* [Task prompt]: Shown below are entries with pictures; the line with "Anträge geschehen." through the line with "werden müssen, 2, daß das Verfahren nur" is the span to retype exactly, and the pictures stay out.

* [Dataset entries]:
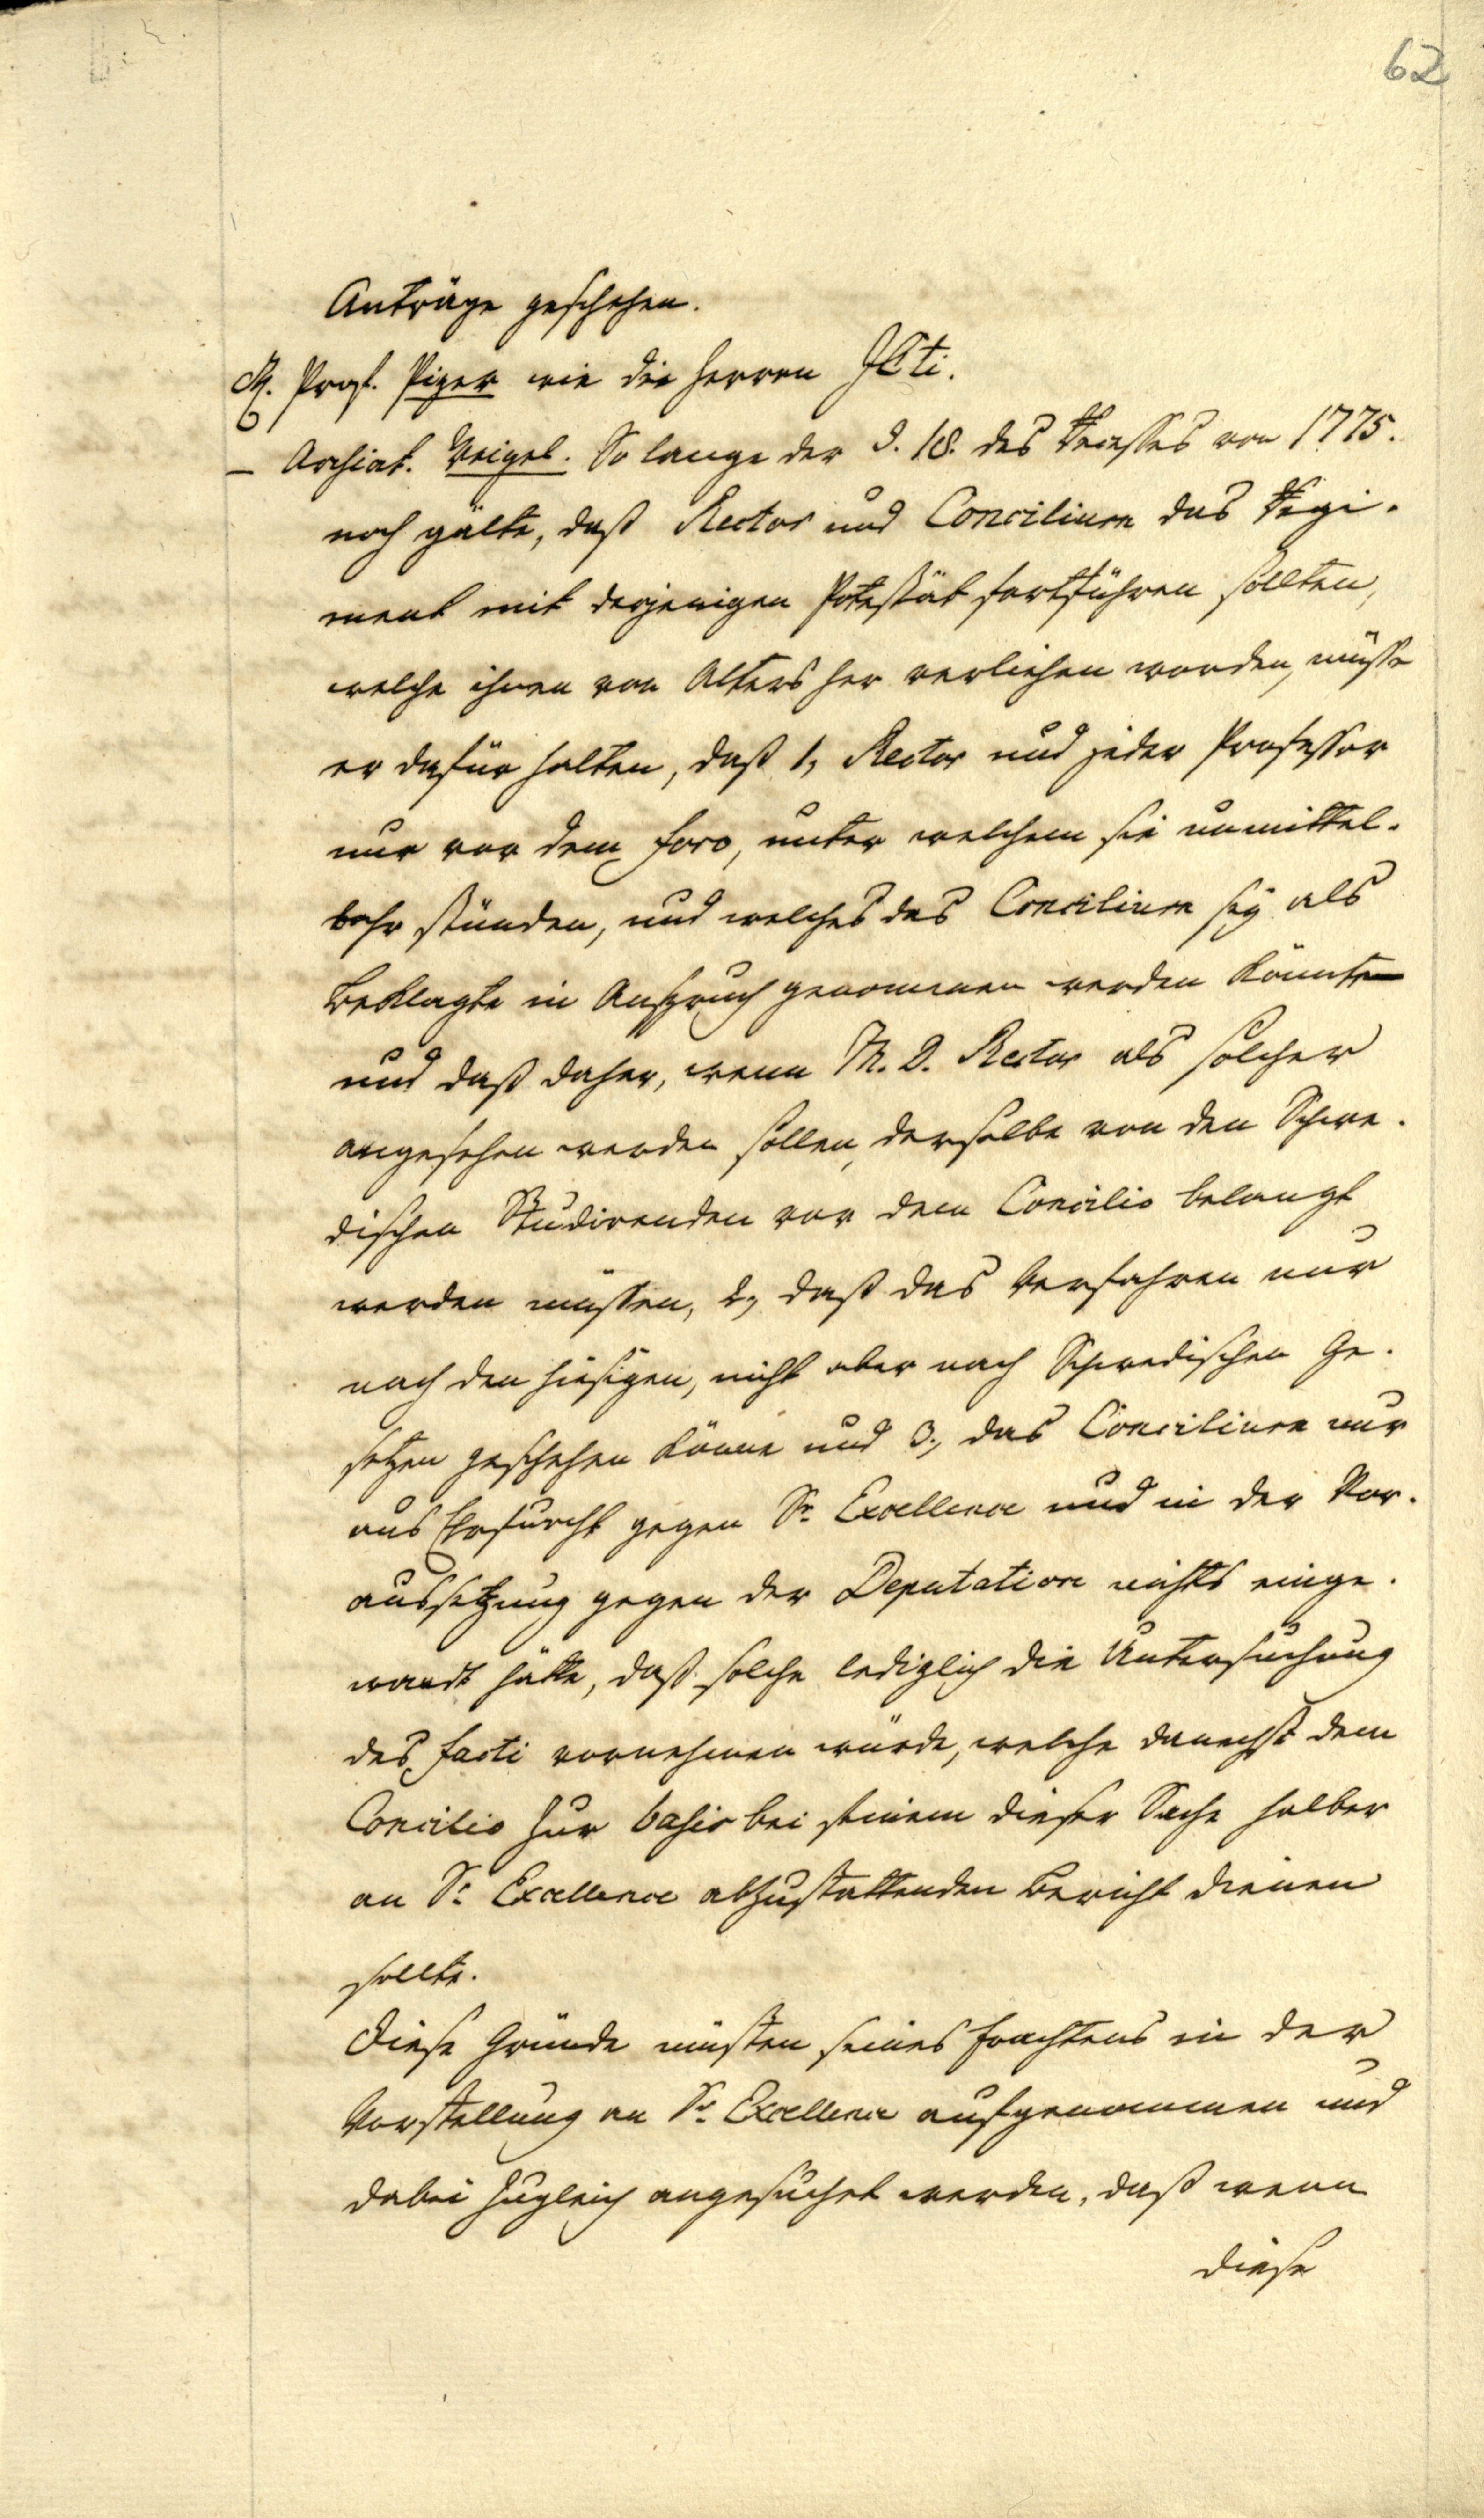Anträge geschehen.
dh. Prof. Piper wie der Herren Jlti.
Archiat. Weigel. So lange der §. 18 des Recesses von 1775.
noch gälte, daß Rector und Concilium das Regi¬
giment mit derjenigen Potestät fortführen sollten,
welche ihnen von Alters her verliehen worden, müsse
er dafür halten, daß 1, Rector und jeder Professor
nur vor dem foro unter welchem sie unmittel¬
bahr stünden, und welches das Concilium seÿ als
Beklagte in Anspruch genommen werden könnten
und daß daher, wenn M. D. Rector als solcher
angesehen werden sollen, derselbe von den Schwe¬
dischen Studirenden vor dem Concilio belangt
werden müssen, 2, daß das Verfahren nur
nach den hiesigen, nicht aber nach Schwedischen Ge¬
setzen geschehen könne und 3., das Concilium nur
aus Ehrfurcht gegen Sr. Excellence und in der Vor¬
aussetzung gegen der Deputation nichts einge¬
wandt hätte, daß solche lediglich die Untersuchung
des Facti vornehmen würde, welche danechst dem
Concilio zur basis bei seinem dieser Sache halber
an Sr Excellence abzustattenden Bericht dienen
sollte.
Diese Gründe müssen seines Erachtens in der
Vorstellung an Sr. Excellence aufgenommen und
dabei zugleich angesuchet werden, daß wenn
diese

---

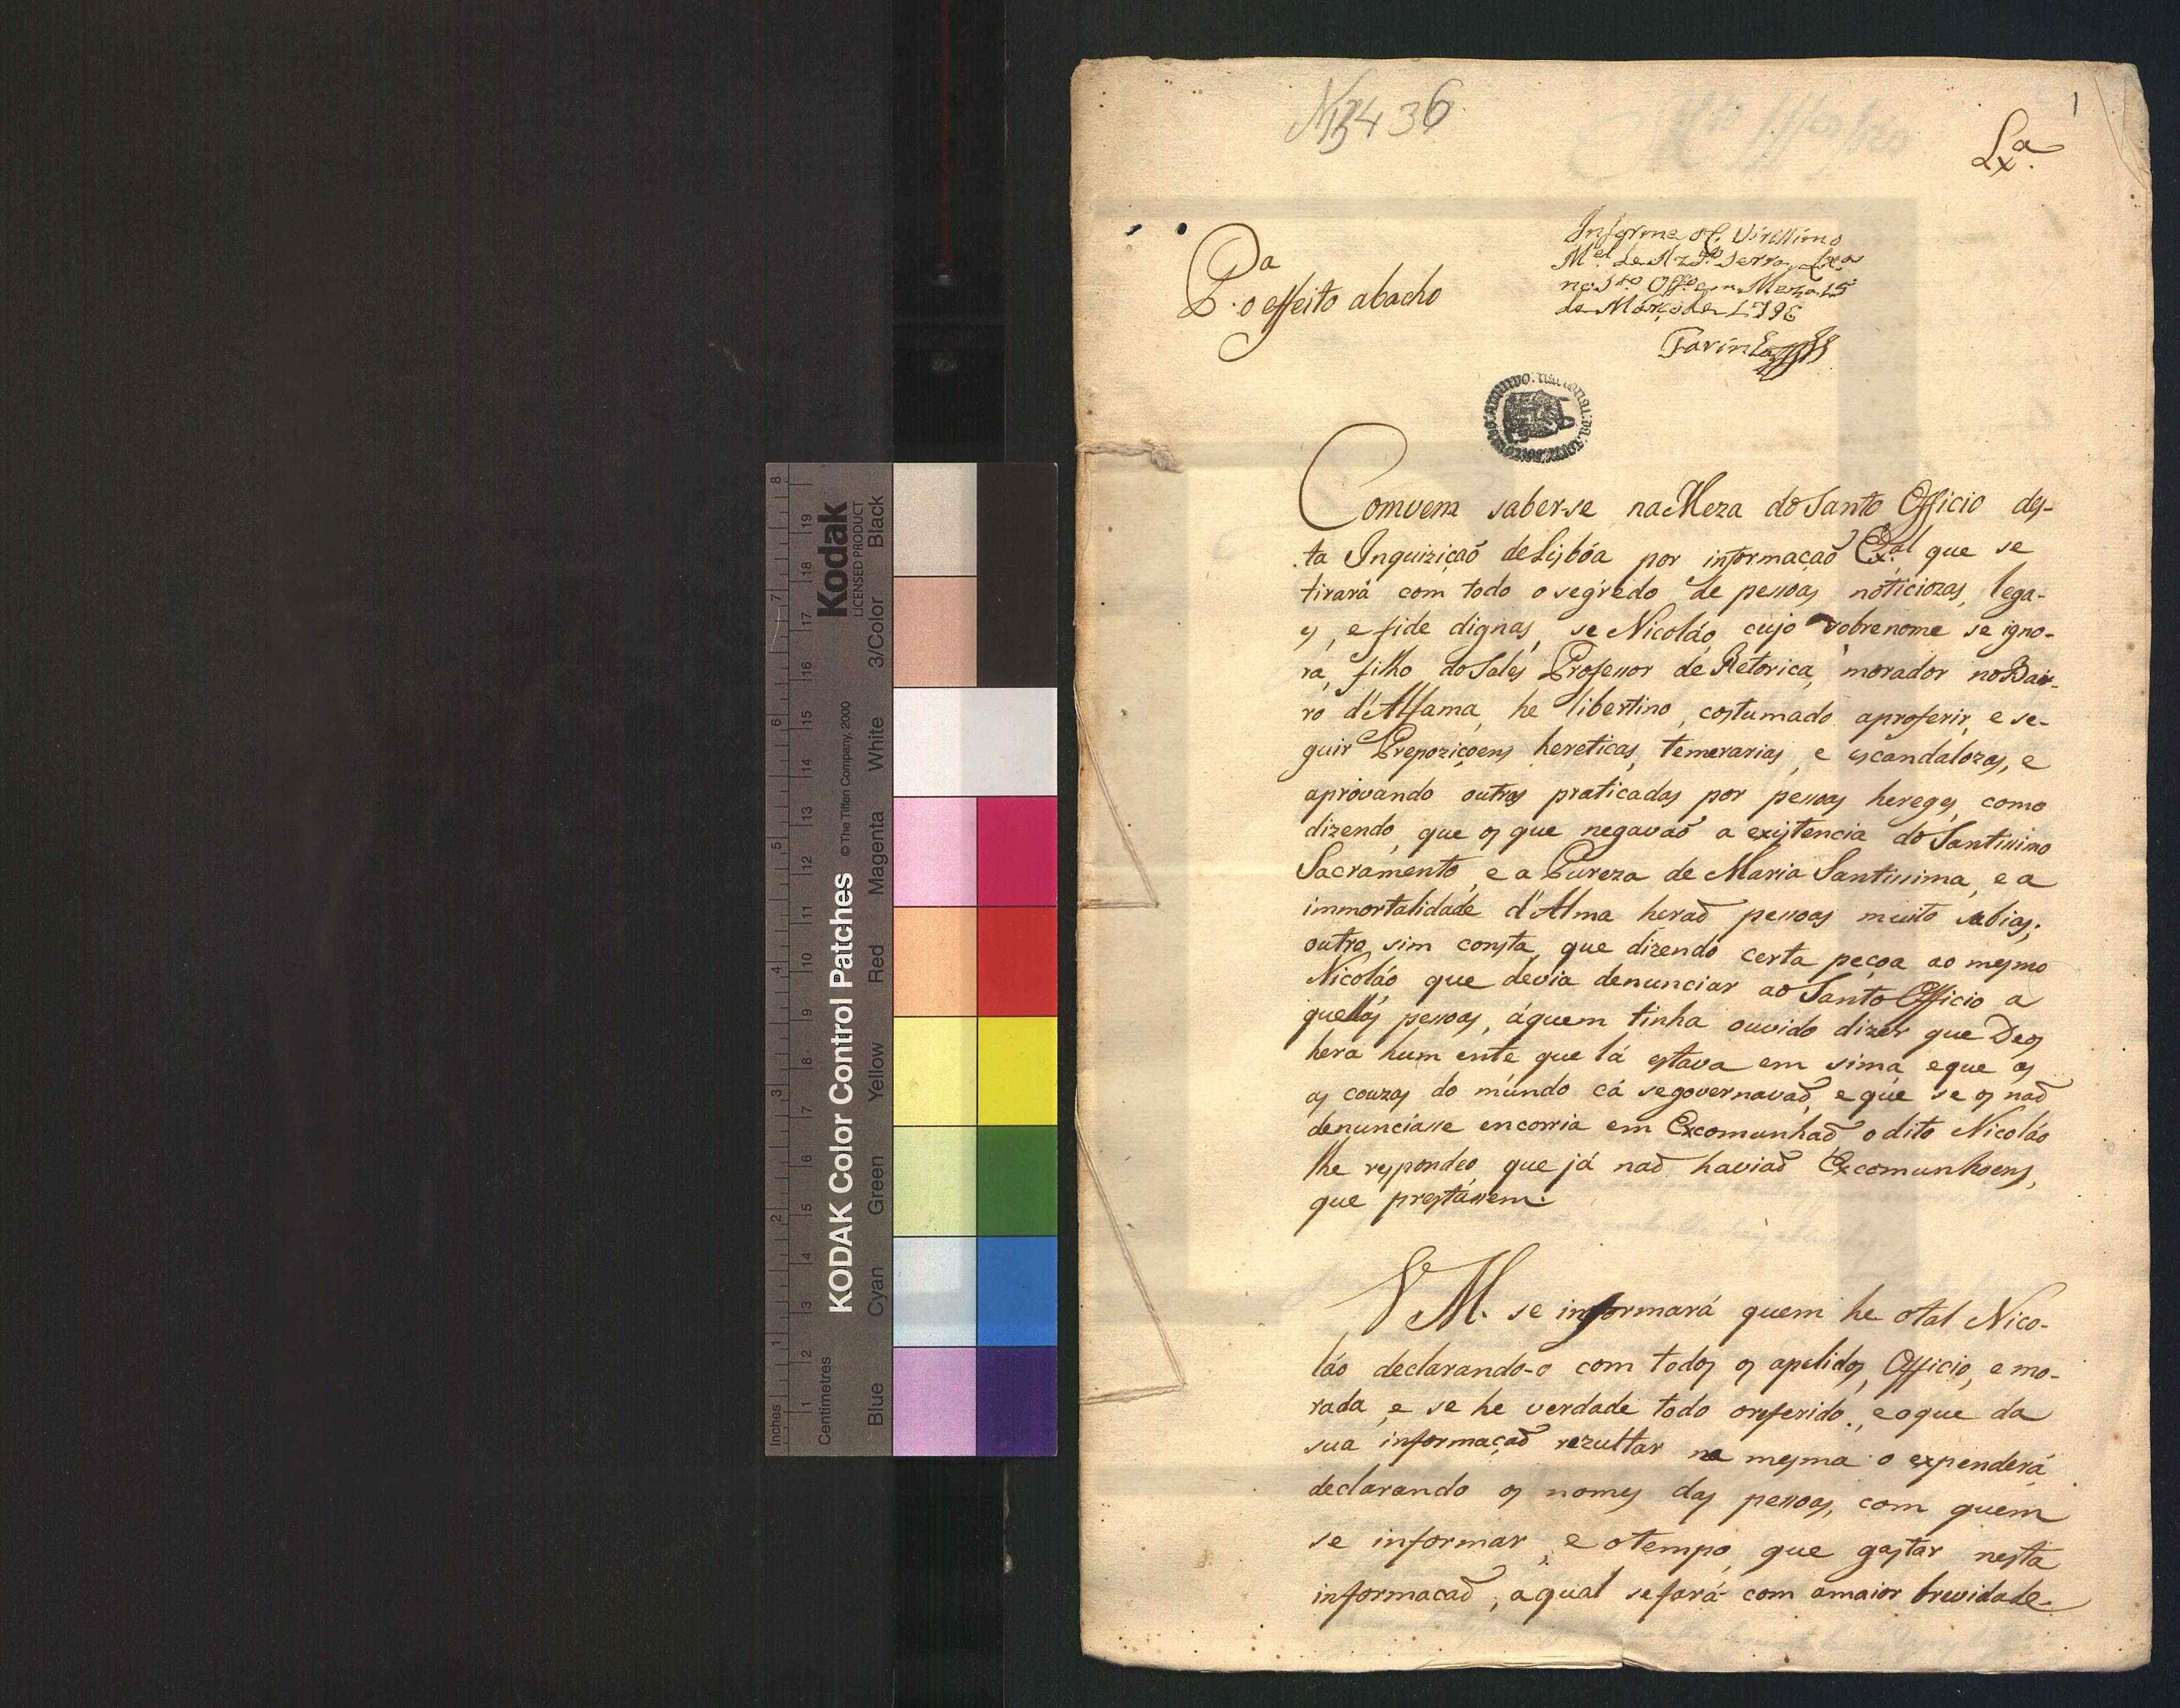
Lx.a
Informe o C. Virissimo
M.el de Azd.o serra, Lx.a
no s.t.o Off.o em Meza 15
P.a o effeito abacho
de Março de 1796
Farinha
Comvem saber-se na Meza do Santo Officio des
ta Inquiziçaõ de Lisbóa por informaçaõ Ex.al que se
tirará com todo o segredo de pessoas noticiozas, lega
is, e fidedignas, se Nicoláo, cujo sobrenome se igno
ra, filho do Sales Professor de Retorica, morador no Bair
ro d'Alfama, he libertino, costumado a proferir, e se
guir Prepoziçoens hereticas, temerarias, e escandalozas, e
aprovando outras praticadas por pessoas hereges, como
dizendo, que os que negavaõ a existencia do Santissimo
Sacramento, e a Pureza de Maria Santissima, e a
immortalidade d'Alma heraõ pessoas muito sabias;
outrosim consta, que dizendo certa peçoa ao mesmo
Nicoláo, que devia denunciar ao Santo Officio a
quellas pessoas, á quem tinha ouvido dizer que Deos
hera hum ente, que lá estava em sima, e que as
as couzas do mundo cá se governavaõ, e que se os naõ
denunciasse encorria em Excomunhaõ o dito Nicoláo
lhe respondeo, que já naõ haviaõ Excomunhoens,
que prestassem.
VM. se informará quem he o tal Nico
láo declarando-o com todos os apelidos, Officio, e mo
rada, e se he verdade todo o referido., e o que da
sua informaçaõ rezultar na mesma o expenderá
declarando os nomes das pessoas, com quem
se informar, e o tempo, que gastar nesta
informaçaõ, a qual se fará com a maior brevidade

* [Written response]:
Anträge geschehen.
dh. Prof. Piper wie der Herren Jlti.
Archiat. Weigel. So lange der §. 18 des Recesses von 1775.
noch gälte, daß Rector und Concilium das Regi¬
giment mit derjenigen Potestät fortführen sollten,
welche ihnen von Alters her verliehen worden, müsse
er dafür halten, daß 1, Rector und jeder Professor
nur vor dem foro unter welchem sie unmittel¬
bahr stünden, und welches das Concilium seÿ als
Beklagte in Anspruch genommen werden könnten
und daß daher, wenn M. D. Rector als solcher
angesehen werden sollen, derselbe von den Schwe¬
dischen Studirenden vor dem Concilio belangt
werden müssen, 2, daß das Verfahren nur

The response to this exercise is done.